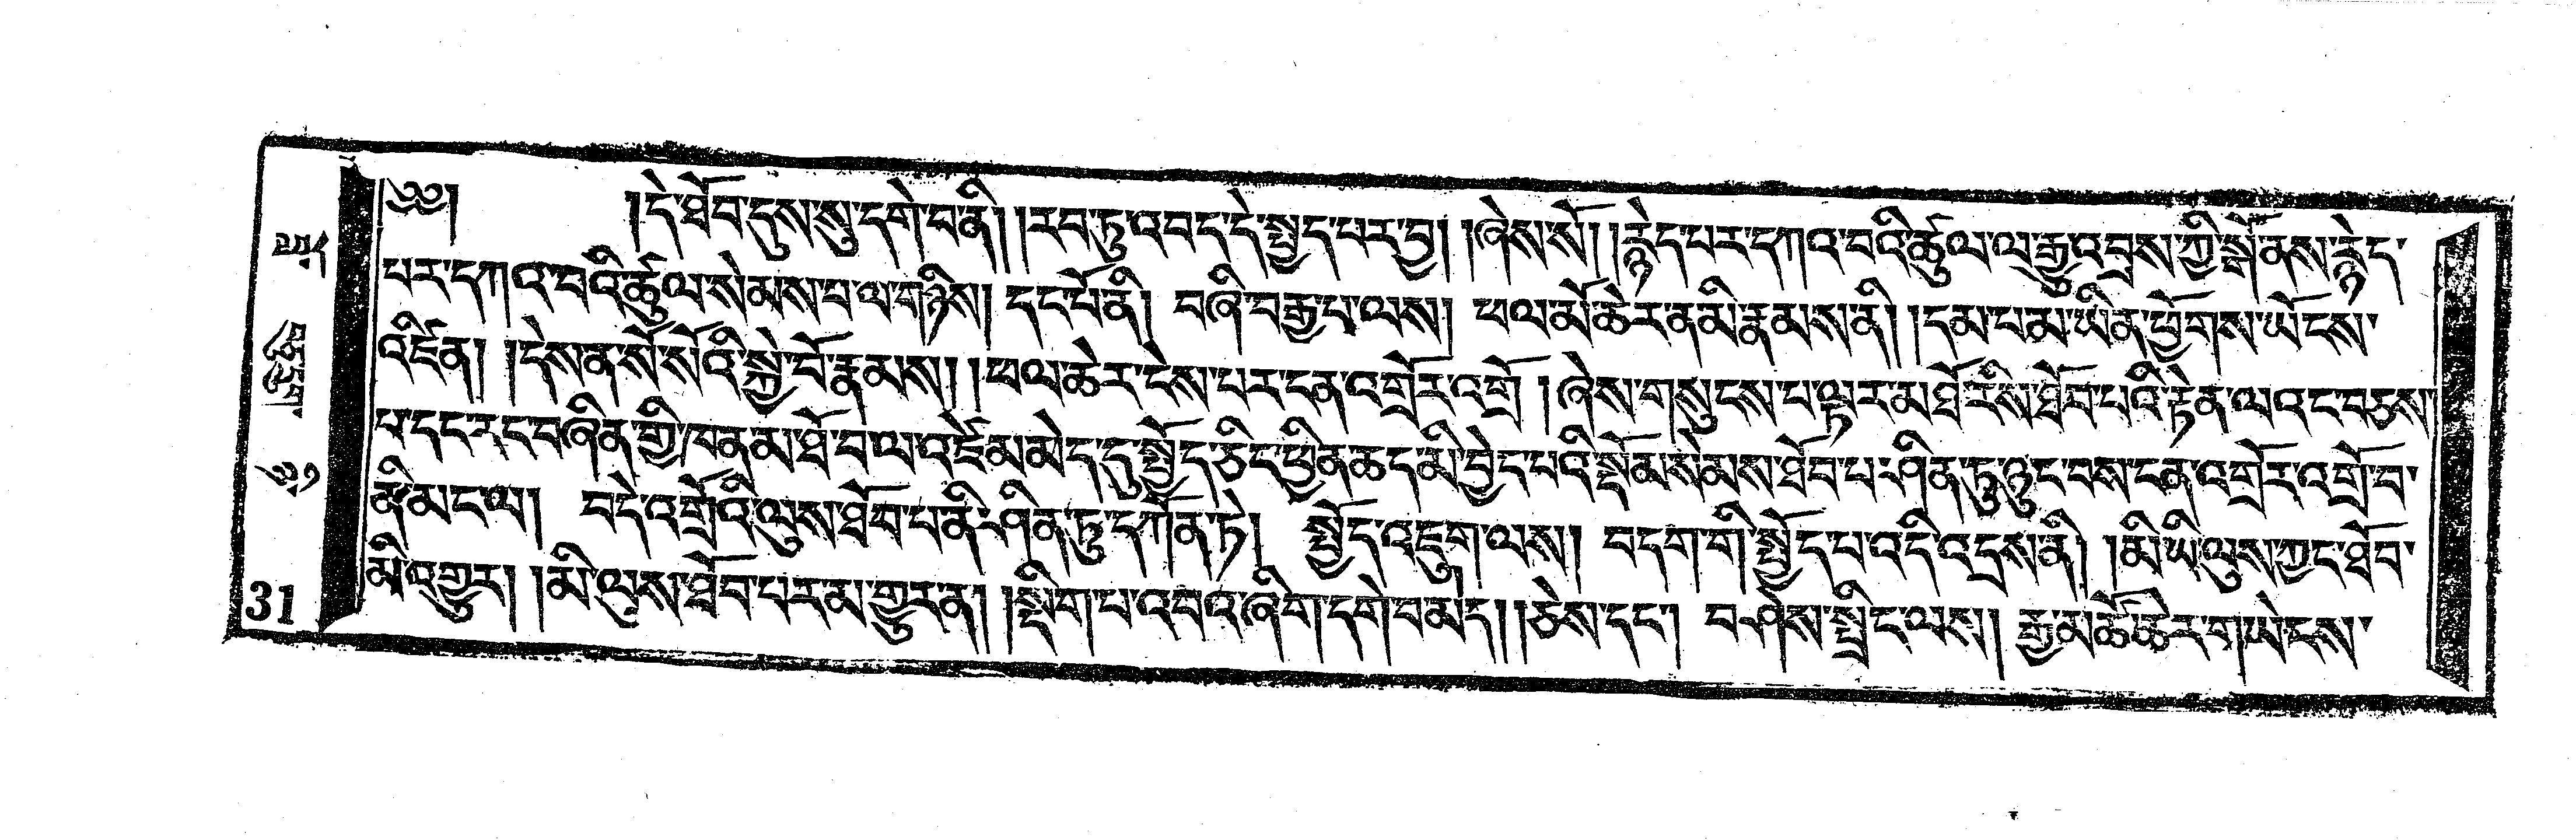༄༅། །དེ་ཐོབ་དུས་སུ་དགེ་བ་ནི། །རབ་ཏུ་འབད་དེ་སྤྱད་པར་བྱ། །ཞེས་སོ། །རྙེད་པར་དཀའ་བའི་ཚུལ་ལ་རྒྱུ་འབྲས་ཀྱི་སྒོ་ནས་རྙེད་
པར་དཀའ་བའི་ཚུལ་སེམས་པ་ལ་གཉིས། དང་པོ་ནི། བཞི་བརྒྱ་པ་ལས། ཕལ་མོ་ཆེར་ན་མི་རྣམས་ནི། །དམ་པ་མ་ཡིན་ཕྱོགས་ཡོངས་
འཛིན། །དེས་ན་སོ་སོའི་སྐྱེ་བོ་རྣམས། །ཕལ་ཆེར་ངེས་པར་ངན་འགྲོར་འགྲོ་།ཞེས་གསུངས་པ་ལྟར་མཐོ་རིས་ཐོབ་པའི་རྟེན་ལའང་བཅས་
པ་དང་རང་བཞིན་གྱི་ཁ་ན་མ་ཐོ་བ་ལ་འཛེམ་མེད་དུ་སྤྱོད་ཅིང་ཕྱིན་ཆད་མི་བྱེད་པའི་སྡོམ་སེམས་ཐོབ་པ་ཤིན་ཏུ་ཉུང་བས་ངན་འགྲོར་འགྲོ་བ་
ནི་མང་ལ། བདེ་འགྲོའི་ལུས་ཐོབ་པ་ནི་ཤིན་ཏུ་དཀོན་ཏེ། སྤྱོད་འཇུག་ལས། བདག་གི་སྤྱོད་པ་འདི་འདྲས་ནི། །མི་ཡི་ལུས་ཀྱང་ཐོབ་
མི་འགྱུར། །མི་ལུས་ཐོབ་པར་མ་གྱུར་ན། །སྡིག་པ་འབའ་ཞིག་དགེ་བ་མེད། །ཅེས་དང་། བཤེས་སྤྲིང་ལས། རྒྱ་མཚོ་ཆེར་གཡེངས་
▬▬▬▬▬▬
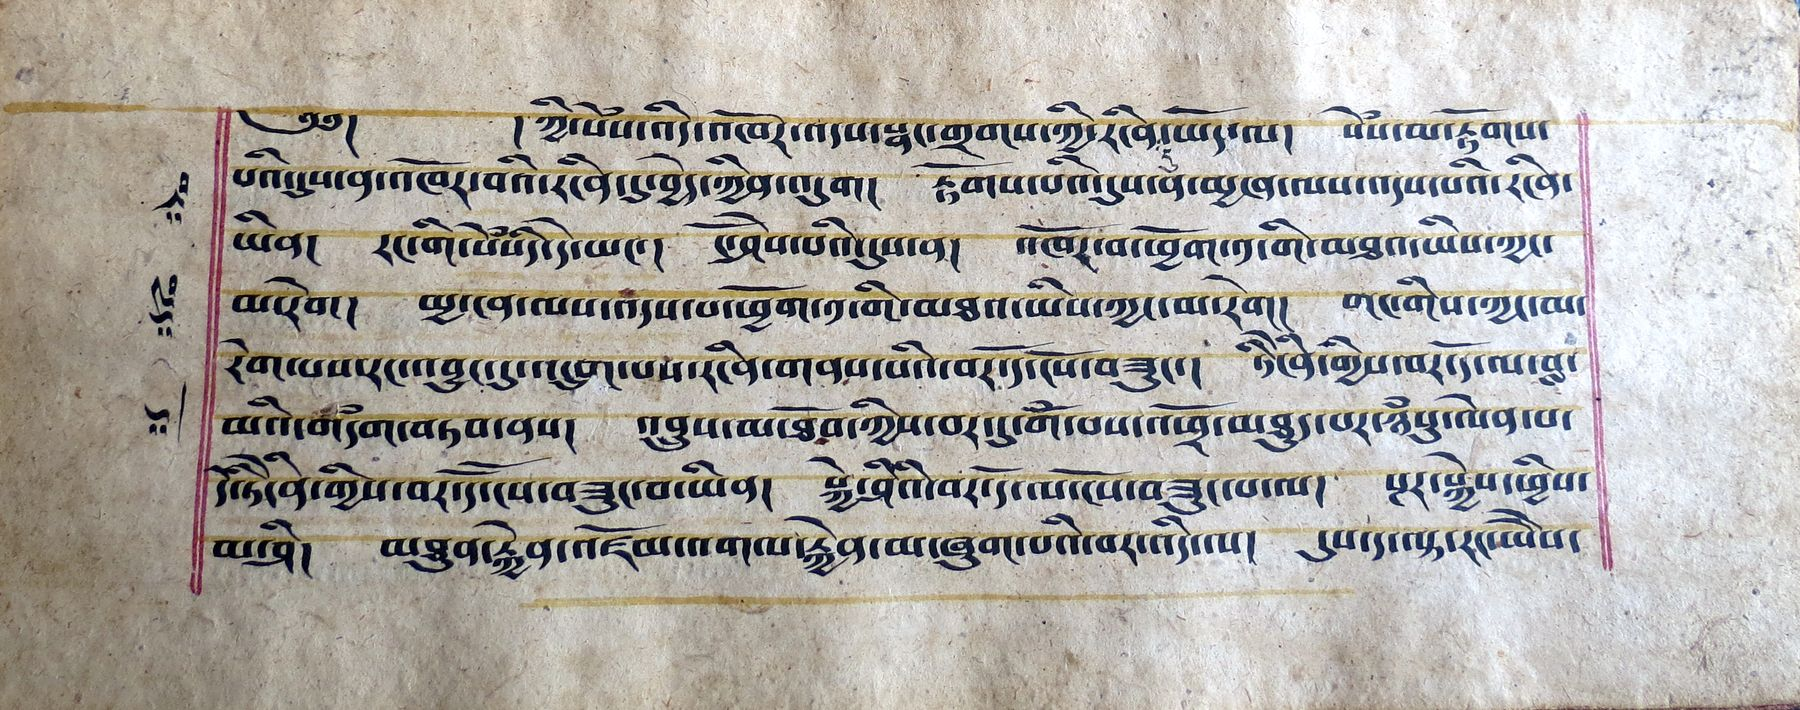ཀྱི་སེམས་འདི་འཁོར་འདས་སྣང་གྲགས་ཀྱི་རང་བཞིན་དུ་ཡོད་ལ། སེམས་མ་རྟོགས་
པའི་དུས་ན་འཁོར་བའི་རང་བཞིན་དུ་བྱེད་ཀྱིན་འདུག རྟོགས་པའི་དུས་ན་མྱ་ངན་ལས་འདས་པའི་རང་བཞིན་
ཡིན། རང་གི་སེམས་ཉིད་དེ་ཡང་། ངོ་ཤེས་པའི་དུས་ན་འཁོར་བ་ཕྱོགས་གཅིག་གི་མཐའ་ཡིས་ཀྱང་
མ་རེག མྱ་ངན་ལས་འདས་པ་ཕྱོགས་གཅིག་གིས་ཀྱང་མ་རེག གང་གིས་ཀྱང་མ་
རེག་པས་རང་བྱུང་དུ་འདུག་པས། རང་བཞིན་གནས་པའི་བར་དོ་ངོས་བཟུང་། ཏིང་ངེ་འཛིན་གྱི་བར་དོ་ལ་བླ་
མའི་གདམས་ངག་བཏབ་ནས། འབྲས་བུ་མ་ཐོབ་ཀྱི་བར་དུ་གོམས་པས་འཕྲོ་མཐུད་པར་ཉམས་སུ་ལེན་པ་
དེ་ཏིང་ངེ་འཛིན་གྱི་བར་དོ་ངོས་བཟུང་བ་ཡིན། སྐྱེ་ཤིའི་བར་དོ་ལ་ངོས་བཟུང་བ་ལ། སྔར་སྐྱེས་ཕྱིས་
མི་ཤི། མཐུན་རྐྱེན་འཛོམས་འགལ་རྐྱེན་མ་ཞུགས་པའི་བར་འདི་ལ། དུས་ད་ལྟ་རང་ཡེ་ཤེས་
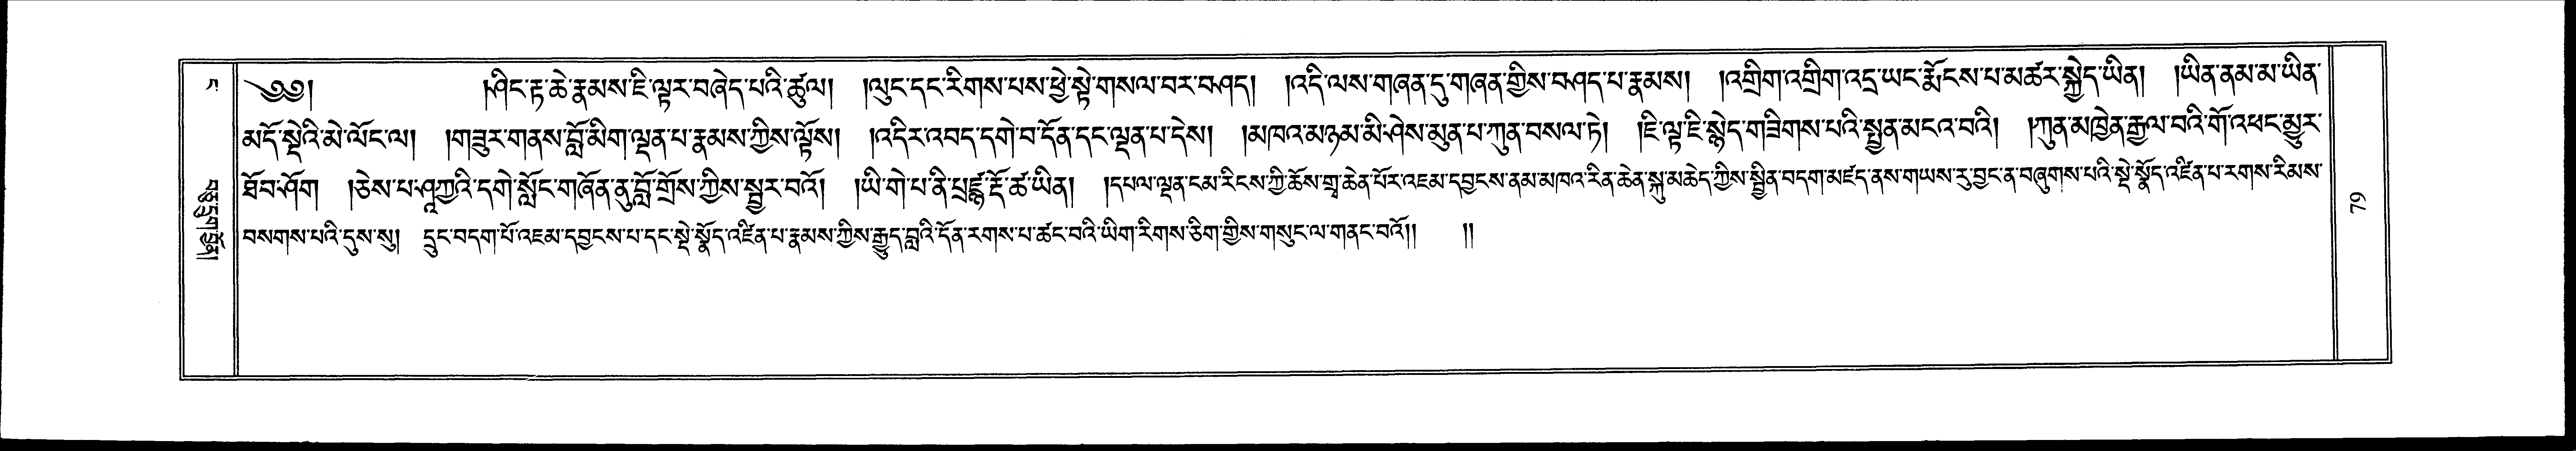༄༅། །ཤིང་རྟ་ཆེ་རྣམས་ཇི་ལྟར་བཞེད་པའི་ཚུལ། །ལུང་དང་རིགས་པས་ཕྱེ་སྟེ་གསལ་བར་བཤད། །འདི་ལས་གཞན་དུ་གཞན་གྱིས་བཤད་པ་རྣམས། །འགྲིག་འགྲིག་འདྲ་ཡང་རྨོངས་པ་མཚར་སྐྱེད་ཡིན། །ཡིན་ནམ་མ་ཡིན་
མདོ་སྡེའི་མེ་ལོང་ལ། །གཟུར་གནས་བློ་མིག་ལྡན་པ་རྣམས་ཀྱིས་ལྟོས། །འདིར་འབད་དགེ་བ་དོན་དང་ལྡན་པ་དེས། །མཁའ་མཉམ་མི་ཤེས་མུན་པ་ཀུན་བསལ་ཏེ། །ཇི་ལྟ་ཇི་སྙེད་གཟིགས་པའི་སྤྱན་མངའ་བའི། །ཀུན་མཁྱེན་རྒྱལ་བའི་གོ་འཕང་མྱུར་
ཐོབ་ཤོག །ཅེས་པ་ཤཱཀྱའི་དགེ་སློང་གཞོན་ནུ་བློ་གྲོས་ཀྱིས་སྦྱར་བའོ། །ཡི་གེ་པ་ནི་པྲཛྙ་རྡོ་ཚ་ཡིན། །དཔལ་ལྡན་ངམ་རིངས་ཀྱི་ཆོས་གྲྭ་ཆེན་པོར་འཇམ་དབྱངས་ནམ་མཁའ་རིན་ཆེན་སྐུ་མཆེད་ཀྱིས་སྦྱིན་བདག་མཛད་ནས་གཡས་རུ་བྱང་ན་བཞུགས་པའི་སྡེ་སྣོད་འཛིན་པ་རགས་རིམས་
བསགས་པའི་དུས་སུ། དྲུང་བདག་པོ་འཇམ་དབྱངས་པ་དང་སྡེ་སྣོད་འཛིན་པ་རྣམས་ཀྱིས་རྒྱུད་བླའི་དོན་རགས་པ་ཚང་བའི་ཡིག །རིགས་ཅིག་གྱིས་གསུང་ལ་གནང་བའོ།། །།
▬▬▬▬▬▬
**Work required:** Your answer must be everything above from the line with "ཀྱི་སེམས་འདི་འ" down to the line with "མའི་གདམས་ངག་བཏ", word for word, and no pictures.

**Response to this task:**
ཀྱི་སེམས་འདི་འཁོར་འདས་སྣང་གྲགས་ཀྱི་རང་བཞིན་དུ་ཡོད་ལ། སེམས་མ་རྟོགས་
པའི་དུས་ན་འཁོར་བའི་རང་བཞིན་དུ་བྱེད་ཀྱིན་འདུག རྟོགས་པའི་དུས་ན་མྱ་ངན་ལས་འདས་པའི་རང་བཞིན་
ཡིན། རང་གི་སེམས་ཉིད་དེ་ཡང་། ངོ་ཤེས་པའི་དུས་ན་འཁོར་བ་ཕྱོགས་གཅིག་གི་མཐའ་ཡིས་ཀྱང་
མ་རེག མྱ་ངན་ལས་འདས་པ་ཕྱོགས་གཅིག་གིས་ཀྱང་མ་རེག གང་གིས་ཀྱང་མ་
རེག་པས་རང་བྱུང་དུ་འདུག་པས། རང་བཞིན་གནས་པའི་བར་དོ་ངོས་བཟུང་། ཏིང་ངེ་འཛིན་གྱི་བར་དོ་ལ་བླ་
མའི་གདམས་ངག་བཏབ་ནས། འབྲས་བུ་མ་ཐོབ་ཀྱི་བར་དུ་གོམས་པས་འཕྲོ་མཐུད་པར་ཉམས་སུ་ལེན་པ་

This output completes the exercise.